_Your instructions:_ Print out the full material below, exact in every line, with no images included.

_Dataset records:_

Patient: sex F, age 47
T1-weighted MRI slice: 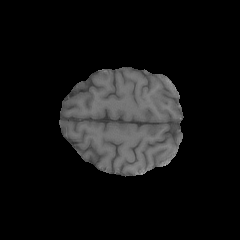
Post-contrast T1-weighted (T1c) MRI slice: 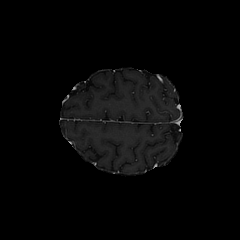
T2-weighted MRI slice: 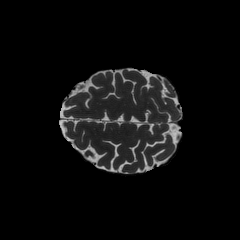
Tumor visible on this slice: no
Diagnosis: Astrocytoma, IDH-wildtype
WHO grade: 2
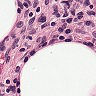
Metastatic tissue present: no
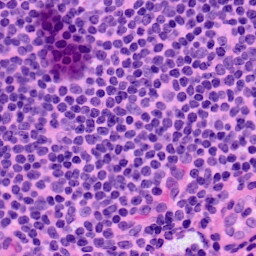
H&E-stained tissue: LymphNode
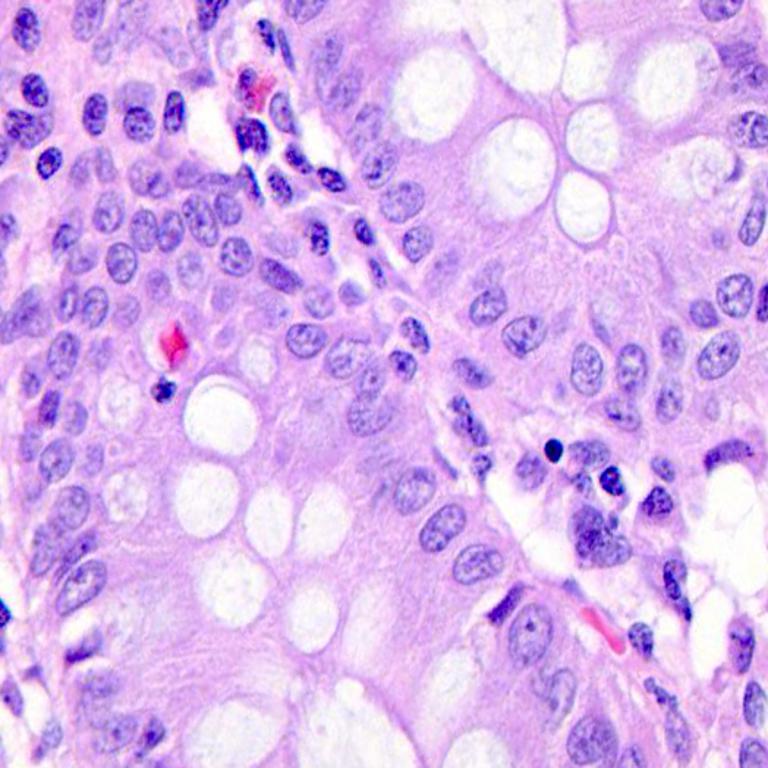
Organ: colon
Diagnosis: benign
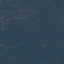
Land use / land cover class: Forest
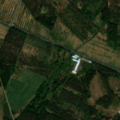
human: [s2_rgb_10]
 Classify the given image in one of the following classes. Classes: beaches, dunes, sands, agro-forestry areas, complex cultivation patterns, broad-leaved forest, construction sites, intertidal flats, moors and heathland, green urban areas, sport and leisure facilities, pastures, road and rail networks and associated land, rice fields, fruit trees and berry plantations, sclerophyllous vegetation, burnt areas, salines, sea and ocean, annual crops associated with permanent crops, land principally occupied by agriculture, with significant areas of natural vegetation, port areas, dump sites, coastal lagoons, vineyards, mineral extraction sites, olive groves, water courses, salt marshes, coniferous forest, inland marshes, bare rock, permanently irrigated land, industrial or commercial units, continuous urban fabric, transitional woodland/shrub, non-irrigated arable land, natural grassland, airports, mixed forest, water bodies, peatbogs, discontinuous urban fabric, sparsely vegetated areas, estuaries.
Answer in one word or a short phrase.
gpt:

_Answer section:_
Patient: sex F, age 47
T1-weighted MRI slice: 
Post-contrast T1-weighted (T1c) MRI slice: 
T2-weighted MRI slice: 
Tumor visible on this slice: no
Diagnosis: Astrocytoma, IDH-wildtype
WHO grade: 2
Metastatic tissue present: no
H&E-stained tissue: LymphNode
Organ: colon
Diagnosis: benign
Land use / land cover class: Forest
human: [s2_rgb_10]
 Classify the given image in one of the following classes. Classes: beaches, dunes, sands, agro-forestry areas, complex cultivation patterns, broad-leaved forest, construction sites, intertidal flats, moors and heathland, green urban areas, sport and leisure facilities, pastures, road and rail networks and associated land, rice fields, fruit trees and berry plantations, sclerophyllous vegetation, burnt areas, salines, sea and ocean, annual crops associated with permanent crops, land principally occupied by agriculture, with significant areas of natural vegetation, port areas, dump sites, coastal lagoons, vineyards, mineral extraction sites, olive groves, water courses, salt marshes, coniferous forest, inland marshes, bare rock, permanently irrigated land, industrial or commercial units, continuous urban fabric, transitional woodland/shrub, non-irrigated arable land, natural grassland, airports, mixed forest, water bodies, peatbogs, discontinuous urban fabric, sparsely vegetated areas, estuaries.
Answer in one word or a short phrase.
gpt:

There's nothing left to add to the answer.